[Stored dataset items]
▼▼▼

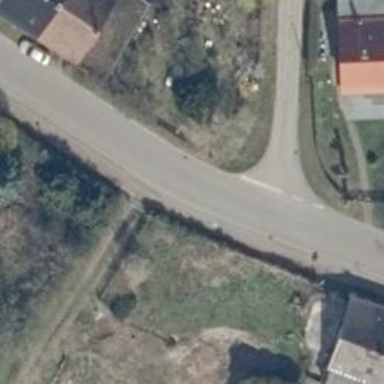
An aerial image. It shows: Tertiary road with asphalt surface and sidewalk on the left.
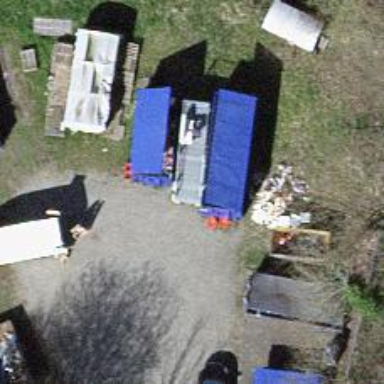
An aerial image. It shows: Recycling centre providing amenities for recycling.
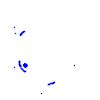
Particle: pion
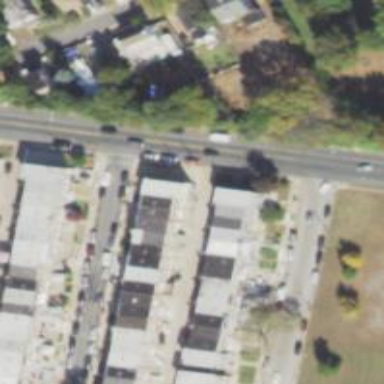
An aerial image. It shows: Alley classified as service road.
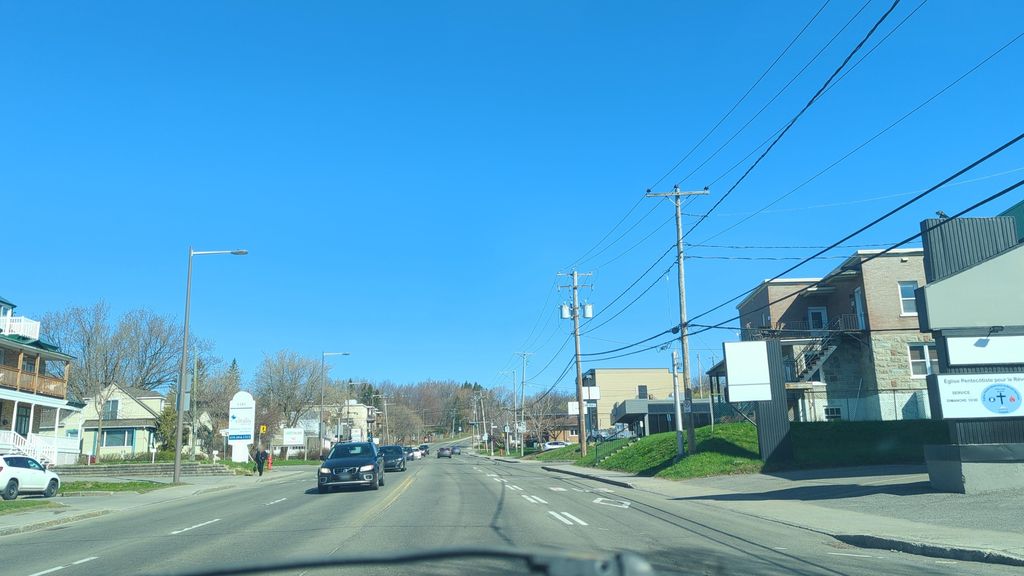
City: quebec_city
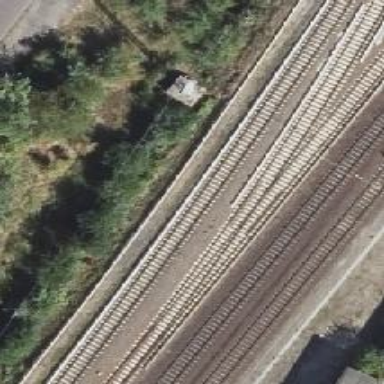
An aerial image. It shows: Railway signal.
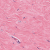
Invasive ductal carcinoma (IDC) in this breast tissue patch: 0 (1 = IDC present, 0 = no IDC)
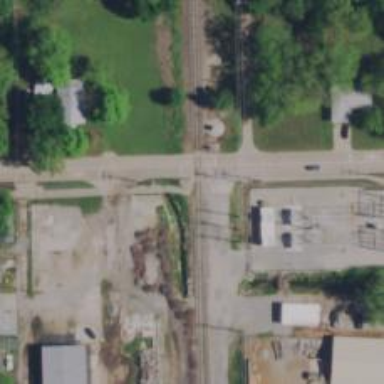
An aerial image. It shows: Railway crossing.
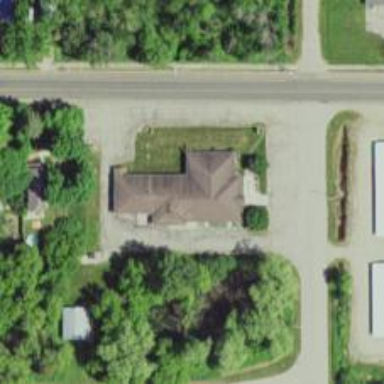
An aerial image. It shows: Healthcare clinic.
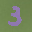
Label: 3
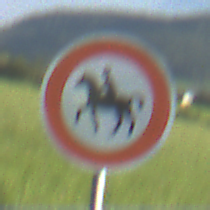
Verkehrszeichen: VerbotReiter
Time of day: MorningAfternoon
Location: Outdoor (Nature)
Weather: PartlyCloudy
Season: NotSpecified
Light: Natural
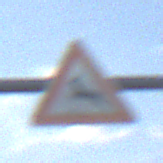
Verkehrszeichen: WildwechselRechts
Umgebung: Outdoor, Nature
Tageszeit: SunriseSunset
Wetter: PartlyCloudy
Licht: Natural
Jahreszeit: NotSpecified
Kontrast: LowContrast
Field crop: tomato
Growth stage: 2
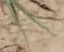
Species: cyperus
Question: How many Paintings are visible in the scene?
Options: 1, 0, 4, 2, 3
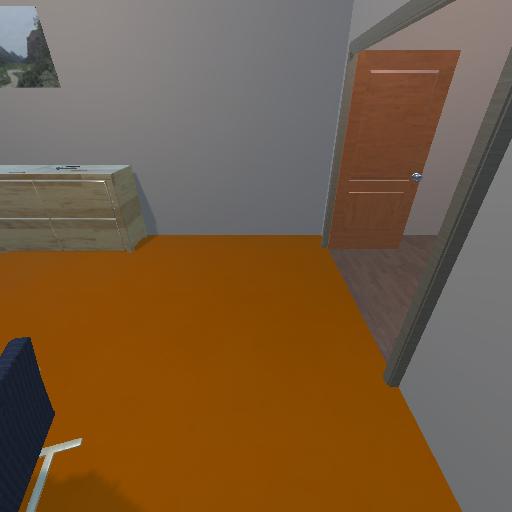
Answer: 1
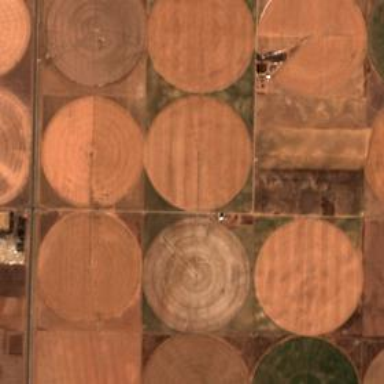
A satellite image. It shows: Farmland with pivot irrigation system.
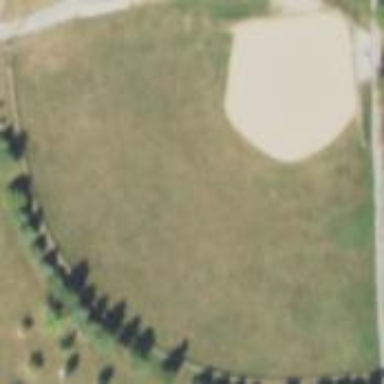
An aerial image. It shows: Softball pitch used for baseball games.
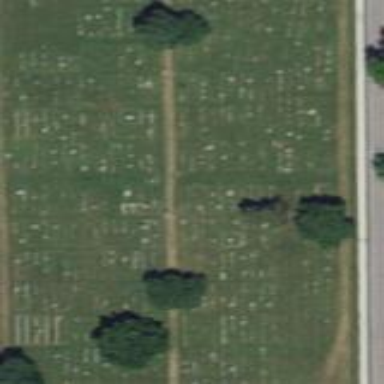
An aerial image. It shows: Cemetery with fence around it.
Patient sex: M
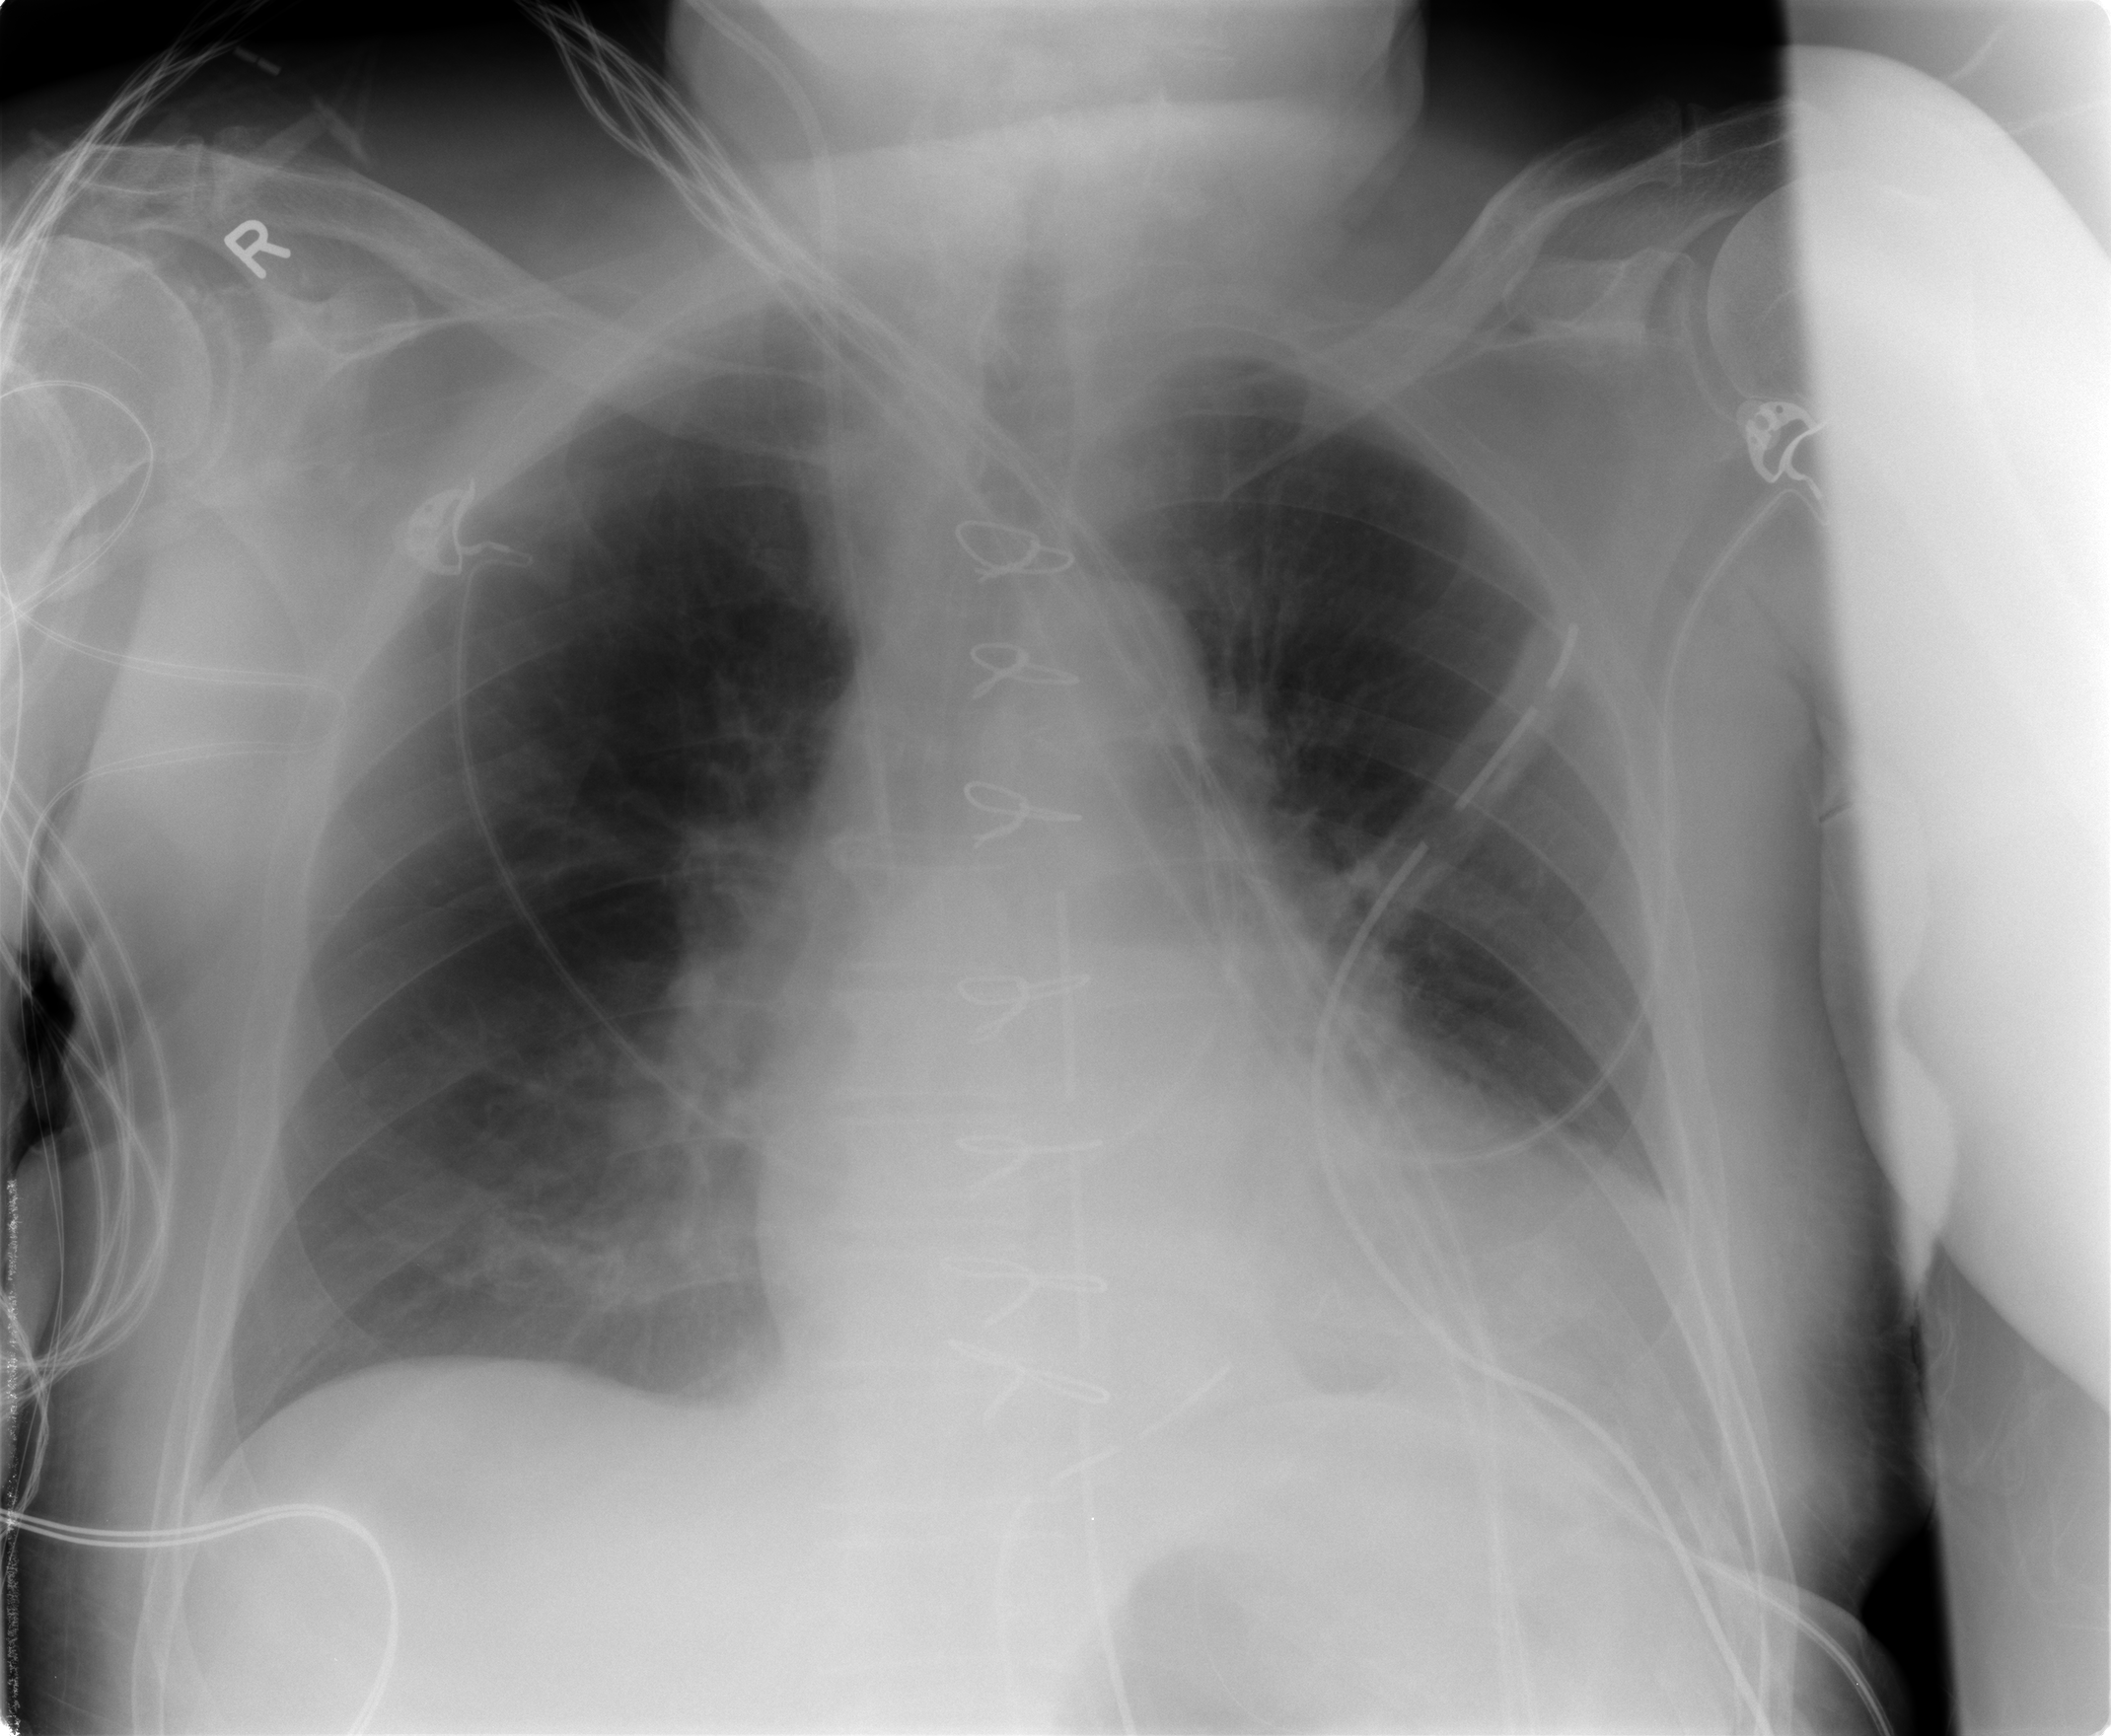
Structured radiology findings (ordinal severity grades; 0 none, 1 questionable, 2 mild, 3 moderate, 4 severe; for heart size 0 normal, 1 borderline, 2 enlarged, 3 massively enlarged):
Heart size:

▲▲▲

All of the entries above need to be transcribed exactly, except for the pictures.

An aerial image. It shows: Tertiary road with asphalt surface and sidewalk on the left.
An aerial image. It shows: Recycling centre providing amenities for recycling.
Particle: pion
An aerial image. It shows: Alley classified as service road.
City: quebec_city
An aerial image. It shows: Railway signal.
Invasive ductal carcinoma (IDC) in this breast tissue patch: 0 (1 = IDC present, 0 = no IDC)
An aerial image. It shows: Railway crossing.
An aerial image. It shows: Healthcare clinic.
Label: 3
Verkehrszeichen: VerbotReiter
Time of day: MorningAfternoon
Location: Outdoor (Nature)
Weather: PartlyCloudy
Season: NotSpecified
Light: Natural
Verkehrszeichen: WildwechselRechts
Umgebung: Outdoor, Nature
Tageszeit: SunriseSunset
Wetter: PartlyCloudy
Licht: Natural
Jahreszeit: NotSpecified
Kontrast: LowContrast
Field crop: tomato
Growth stage: 2
Species: cyperus
Question: How many Paintings are visible in the scene?
Options: 1, 0, 4, 2, 3
Answer: 1
A satellite image. It shows: Farmland with pivot irrigation system.
An aerial image. It shows: Softball pitch used for baseball games.
An aerial image. It shows: Cemetery with fence around it.
Patient sex: M
Structured radiology findings (ordinal severity grades; 0 none, 1 questionable, 2 mild, 3 moderate, 4 severe; for heart size 0 normal, 1 borderline, 2 enlarged, 3 massively enlarged):
Heart size:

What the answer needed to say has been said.